Selain memiliki beragam rasa dan jenis, klappertaart Evieta ini juga dijual dalam berbagai ukuran. Untuk makan di tempat atau dinikmati sendiri di jalan, Anda bisa memesan ukuran kecil yang harganya Rp. 11.000,- sampai Rp. 15.000,-. Ukuran sedang seharga Rp. 26.000,- sampai Rp. 45.000,- , sedangkan ukuran besar dijual dengan harga Rp. 95.000,-.

Klappertaart Evieta bisa dibeli di pusatnya di Jl. Ir. H. Djuanda (Dago) No. 81 Bandung. Atau bisa juga ‘memburunya’ ke outlet-outlet Evieta yang terdapat di beberapa FO di seputaran Jl. Riau atau Jl. Dago dan di outletnya di Setiabudhi Supermarket. 


Tag: Bandung, resto, cemilan

Sebarkan Digg Delicious MySpace

Terkait:

Siapa saja yang merating artikel ini:

Komentar:

mlandhing 0 0
pernah nyicip hanna's klappertaart ga? enakan mana tuh?

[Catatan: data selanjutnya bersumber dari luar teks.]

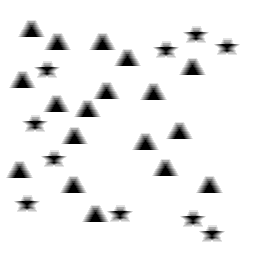
Squares: 0
Triangles: 18
Stars: 10
Total shapes: 28
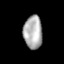
Tissue: lung
Cell type: Endothelial cells
Senescence score: 0.6075
Nuclear area (px): 612
Mean DAPI intensity: 173.91
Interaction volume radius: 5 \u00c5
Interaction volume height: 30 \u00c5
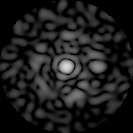
Disorder parameter: 0.8629
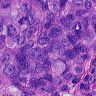
Metastatic tissue present: yes
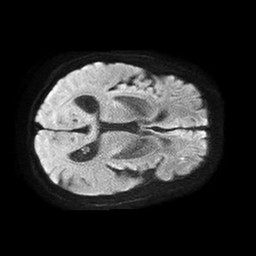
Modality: TRACE
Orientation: axial
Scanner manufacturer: philips
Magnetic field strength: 1.5 T
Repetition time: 4.6 s
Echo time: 0.08631 s
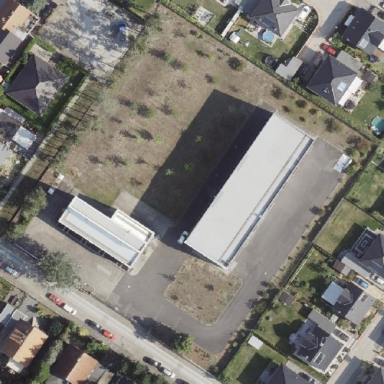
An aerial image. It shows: There is distribution substation enclosed by fence.
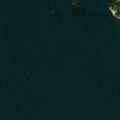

soal harga, so-so sih, terkesan mahal... tapi memang kalau ybs menggunakan bahan terbaik, harganya tidak bisa murah.
Asti Rahman 0 0
mlandhing: baru sekali ini nyoba klappertaart mbak.. jadi belum bisa bandingin.. tapi kalo soal harga menurut aku worth it.. uenak buanget soalnya.. ndak tau aku yang emang doyan makan ya.. hahaha..
mlandhing 0 0
Asti Rahman: kalau begitu kapan-kapan kalau kau ke jakarta tak traktir yang punya hanna deh... lumer di lidah... 2 cup bakalan kurang deh... : D
Wahyu Budiyono 0 0
Saya belon bisa kasih komparasi mana yang enak, mbak...
Secara seumur hidup belon nyicipin...

Salah satu makanan yang jadi impian saya buat dimakan : )
mlandhing 0 0
Wahyu Budiyono: : p : p
maknyos 0 0
ini makannya ngga perlu di kunyah ya..di mut aja sdh lumer pasti
mlandhing 0 0
maknyos: untuk yang jenis unbaked klappertaart memang langsung lumer di mulut... apalagi kalau kelapamudanya pilihan bener... dhuh... *asli ngeces lagi*
dokter_kuliner 0 0
Saya udh nyoba beberapa macam klappertaart termasuk hanna.... tapi menurut saya yang paling enak EVIETA KLAAPERTART... dan pernah saya konfirmasi meraka menggunakan bahan2 yang terbaik... dan tidak menggunakan pewarna dan pengawet makanan. EVIETA KLAPERTAART selalu menjual yang fresh setiap hari... Kalau yang di Jakarta, saya merekomendasikan KLAPERTAART HUIS di Kelapa Gading, itu termasuk favorit saya.... Lumayan buat teman2 pecinta kuliner Klapertaart...
mlandhing 0 0
dokter_kuliner: wah, pecinta klappertaart rupanya... ayo ceritakan yang klappertaart huis istimewanya dimananya? bikin aku ngiler gih..: D
dokter_kuliner 0 0
yg huis istimewanya klapertaart basah_nya tekstur lembut di lidah dan rasanya pas manis dan susunya...rum_nya...ciamik.....wkwkwk... bikin seger ditambah kelapa muda.... woukeh banget!!!
mlandhing 0 0
dokter_kuliner: ....*langsung drooling*

berarti yang huebat yang klappertaart unbaked ya... okeh... segera berburu deh... : )
mlandhing 0 0
mlandhing: lhah kalau ini bukan soal hebat om... tapi soal selera... aku suka yang unbake, gituh... : )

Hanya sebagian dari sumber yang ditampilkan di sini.